Os clones utilizados foram propagados vegetativamente por estaquia, sendo posteriormente estabelecidos in vitro, mediante o cultivo de segmentos nodais, seguido de sucessivos subcultivos durante a fase de multiplicação via proliferação de gemas axilares. O meio de cultura adotado na fase de multiplicação foi constituído pelos sais minerais de MS (Murashige & Skoog, 1962), vitaminas de White (White, 1943), ágar granulado Merck (5 g L^-1), 0,5 mg L^-1 BAP (6-benzilaminopurina) e 0,01 mg L^-1 ANA (ácido a-naftalenoacético), com o pH ajustado para 5,7±0,1. As condições de incubação foram estabelecidas à temperatura de 27±1ºC, fotoperíodo de 16 horas de luz e 8 horas de escuro e irradiância de 40 mmol m^-2 s^-1 , fornecida por tubos fluorescentes (luz do dia) Osram, 20 Watts.

Na obtenção dos ápices caulinares, foi utilizada a técnica de micropropagação via gemas axilares, conforme descrição anterior, sendo a modificação feita apenas com relação à concentração dos reguladores de crescimento no meio nutritivo, para 0,05 mg L^-1 BAP com 0,1 mg L^-1 ANA, e 0,1 mg L^-1 BAP com 0,5 mg L^-1 ANA para os clones 1 e 2, respectivamente, visando a promover o alongamento das partes aéreas multiplicadas em banco clonal.
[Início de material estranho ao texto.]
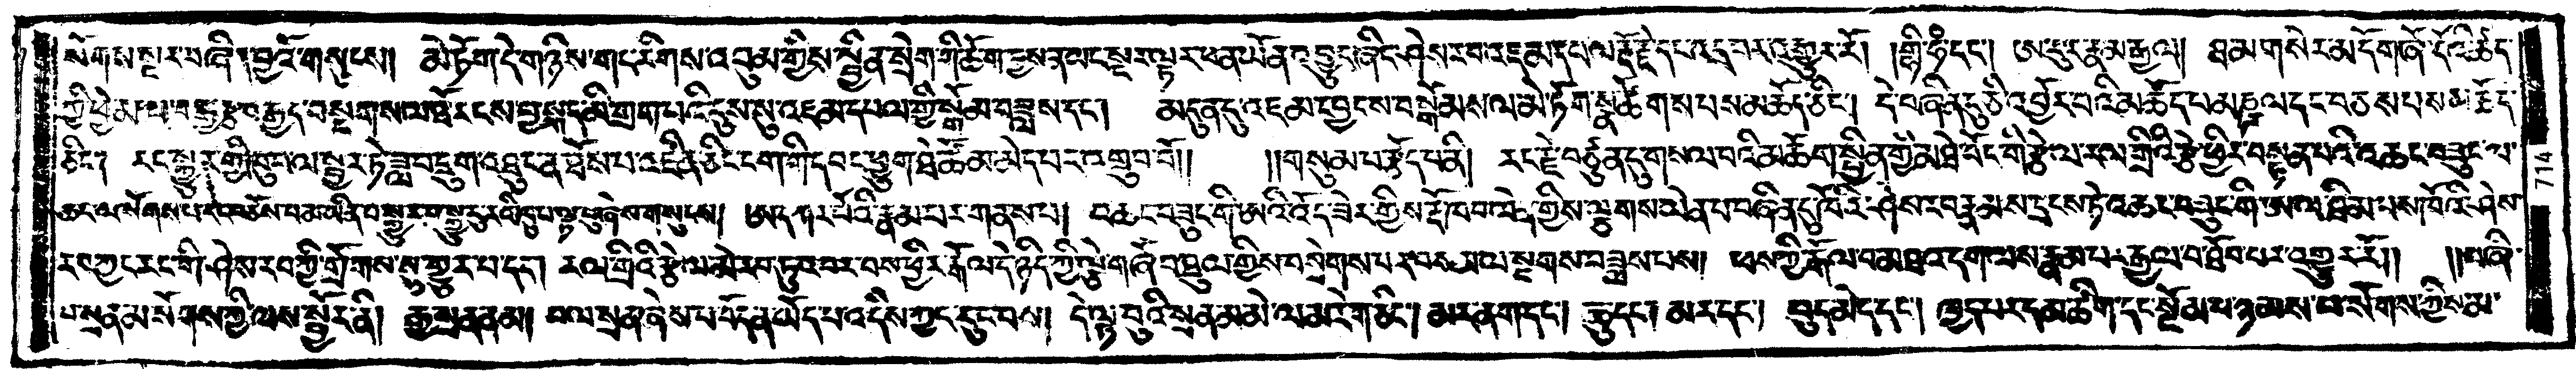སོགས་སྔར་བཞིན་བྱའོ་གསུངས། མེ་ཏོག་དེ་གཉིས་གང་རིགས་འབུམ་གྱིས་སྦྱིན་སྲེག་གི་ཆོས་བྱས་ན་ཡང་སྔར་ལྟར་ཕན་ཡོན་འབྱུང་ཞིང་ཤེས་རབ་འཇམ་དཔལ་རྡོ་རྗེ་དང་འདྲ་པར་འགྱུར་རོ། །གྷི་ཧཾ་དང་། ཨ་རུ་རྣམ་རྒྱལ། ཐམ་གསེར་མདོག་ཞོ་དོའི་ཚད་
ཀྱི་ཕྱེ་མ་ལ་བརྒྱ་རྩ་བརྒྱད་བསྔགས་ལ་ཐོར་ངས་བྱ་སྐད་མི་གྲག་པའི་དུས་སུ་འཇམ་དཔལ་གྱི་སྒོམ་བླས་དང་། མདུན་དུ་འཇམ་དབྱངས་བསྒོམས་ལ་མེ་ཏོག་སྣ་ཚོགས་པས་མཆོད་ཅིང་། དེ་བཞིན་དུ་ཅི་འབྱོར་བའི་མཆོད་པ་མཎྜལ་དང་བཅས་པས་མཆོད་
ཅིང་། རང་སྐྱུར་གྱི་ལུག་ལ་སྦྱར་ཏེ་ཟླ་བ་དྲུག་འཐུང་ན་ཐོས་བ་འཛིན་ཅིང་ངག་གི་དང་དྥྱུག་ཐེ་ཚོམ་མེད་པར་འགྱུབ་བོ།། །།གསུམ་པ་རྩོད་པ་ནི། རང་རྗེ་བཙུན་དུ་གསལ་བའི་མཆོག་སྤྱིན་གྱི་མཐེ་བོད་གི་རྩེལ་རལ་གྲིའི་རྩེ་ཕྱིར་བསྟན་པའི་འཆང་བཟུང་ལ་
ཆང་ལ་སོགས་པ་རང་བཅོས་པ་མ་ཡིན་བསྐྱུར་པ་སྐྱུར་དུ་རའི་ཁུ་པ་ལྟ་བུ་ཞེས་གསུངས། ཨ་དཀར་པོའི་རྣམ་པར་གནས་པ། འཆང་བཟུང་གི་ཨཱི་འོད་ཟེར་གྱིས་རྡོ་ཁབ་ལེན་གྱིས་ལྕགས་ལེན་པ་བཞིན་དུ་ཁོའི་ཤས་རང་རྣམས་དྲངས་ཏེ་འཆད་བཟུང་གི་ཨ་ལ་ཐིམས་ཁོའི་ཤེས་
རབ་ཀྱང་རང་གི་ཤེས་རབ་ཀྱི་གྲོགས་སུ་གྱུར་པ་དང་། རལ་གྲིའི་རྩེལ་མེ་རབ་ཏུ་འབར་བས་ཕྱིར་རྒོལ་དེ་ཉིད་ཀྱི་ལྕེ་གཞོ་ཐུལ་གྱིས་བསྲེགས་པར་བསམ་ལ་སྔགས་བཟླས་པས། ཕས་ཀྱི་རྒོལ་བ་མཐའ་དག་ལས་རྣམ་པར་རྒྱལ་བཟོད་པར་འགྱུར་རོ། །ཞི་
བསྲན་མ་སོགས་ཀྱི་ལས་སྦྱོར་ནི། རྒྱ་སྲན་ནམ། བལ་སྡྲན་ཞེས་པ་བོད་ན་ཡོད་པ་འདིས་ཀྱང་རུང་བས། དེ་ལྟ་བུའི་སྲན་མ་མེ་ལ་མ་རེག་ཅིང་། མར་ནག་དང་། ཆུ་དང་། མར་དང་། བུད་མེད་དང་། ཁྱད་པར་དམ་ཚིག་དང་སྔོམ་པ་ཉམས་པ་སོག་?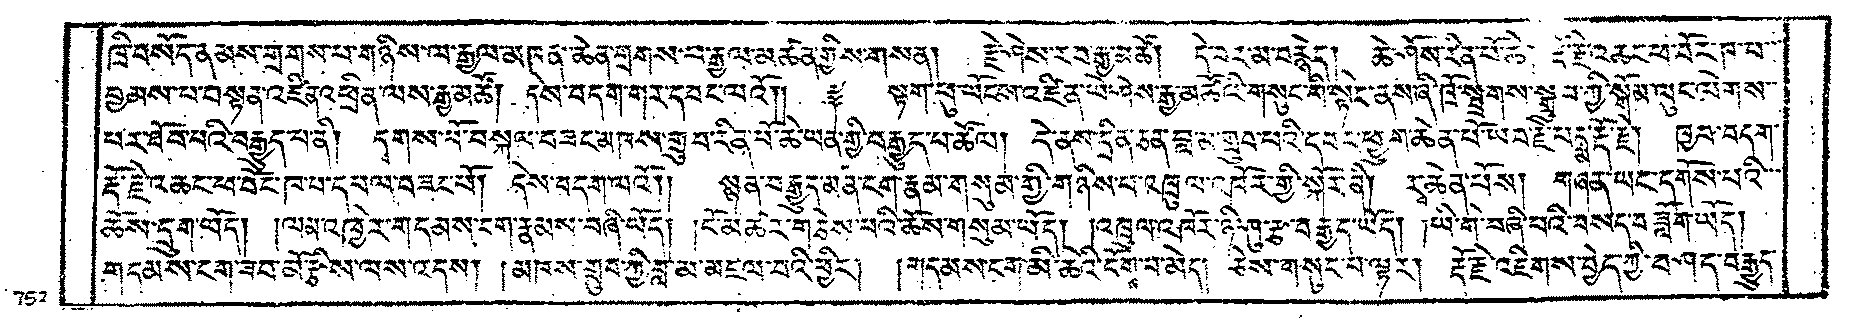ཁྲི་བསོད་ནམས་གྲགས་པ་གཉིས་ལ་རྒྱལ་མཁན་ཆེན་གྲགས་པ་རྒྱལ་མཚན་གྱིས་གསན། རྗེ་ཤེས་རབ་རྒྱ་མཚོ། དེ་བར་མ་བརྙེད། ཆེ་ཤོས་རིན་པོ་ཆེ། རྡོ་རྗེ་འཆང་ཕ་བོང་ཁ་པ་
བྱམས་པ་བསྟན་འཛིན་འཕྲིན་ལས་རྒྱ་མཚོ། དེས་བདག་གར་དབང་ལའོ།། ༈ སྟག་ཕུ་ཡོངས་འཛིན་ཡེ་ཤེས་རྒྱ་མཚོའི་གསུང་གི་སྟེང་ནས་ཞི་ཁྲོ་སྦྲགས་སྒྲུབ་ཀྱི་སྒོམ་ལུང་ལེགས་
པར་ཐོབ་པའི་བརྒྱུད་པ་ནི། དྭགས་པོ་བསྐལ་བཟང་མཁས་གྲུབ་རིན་པོ་ཆེ་ཡན་གྱི་བརྒྱུད་པ་ཚོལ། དེ་ནས་དྲིན་ཅན་བླ་མ་གྲུབ་པའི་དབང་ཕྱུག་ཆེན་པོ་ཡབ་རྗེ་པདམ་རྡོ་རྗེ། ཁྱབ་བདག་
རྡོ་རྗེ་འཆང་ཕ་བོང་ཁ་པ་དཔལ་བཟང་པོ། དེས་བདག་ལའོ།། སྙན་བརྒྱུད་མན་ངག་རྣམ་གསུམ་གྱི་གཉིས་པ་འཁྲུལ་འཁོར་གྱི་སྐོར་ནི། རྭ་ཆེན་པོས། གཞན་ཡང་དགོས་པའི་
ཆོས་དྲུག་ཡོད། །ལམ་འཁྱེར་གདམས་ངག་རྣམས་བཞི་ཡོད། །ངོ་མཚར་གཅེས་པའི་ཆོས་གསུམ་ཡོད། །འཁྲུལ་འཁོར་ཉི་ཤུ་རྩ་བརྒྱད་ཡོད། །ཡི་གེ་བཞི་པའི་བསད་བཟློག་ཡོད།
གདམས་ངག་ཟབ་མོ་རྩིས་ལས་འདས། །མཁས་གྲུབ་ཀྱི་བླ་མ་མཇལ་བའི་ཕྱིར། །གདམས་ངག་མི་ཆེའི་དོགས་པ་མེད། ཅེས་གསུང་པ་ལྟར། རྡོ་རྗེ་འཇིགས་བྱེད་ཀྱི་བཤད་བརྒྱུད་

As condições de temperatura e fotoperíodo dentro da sala de crescimento permaneceram as mesmas.

A partir das gemas alongadas in vitro dos dois clones de E. urophylla e E. grandis, com 30 dias de cultivo (Figura 1 A), foram extraídos os ápices caulinares com, aproximadamente, 1 cm de comprimento e dois a três pares de folhas totalmente expandidas (Figura 1 B).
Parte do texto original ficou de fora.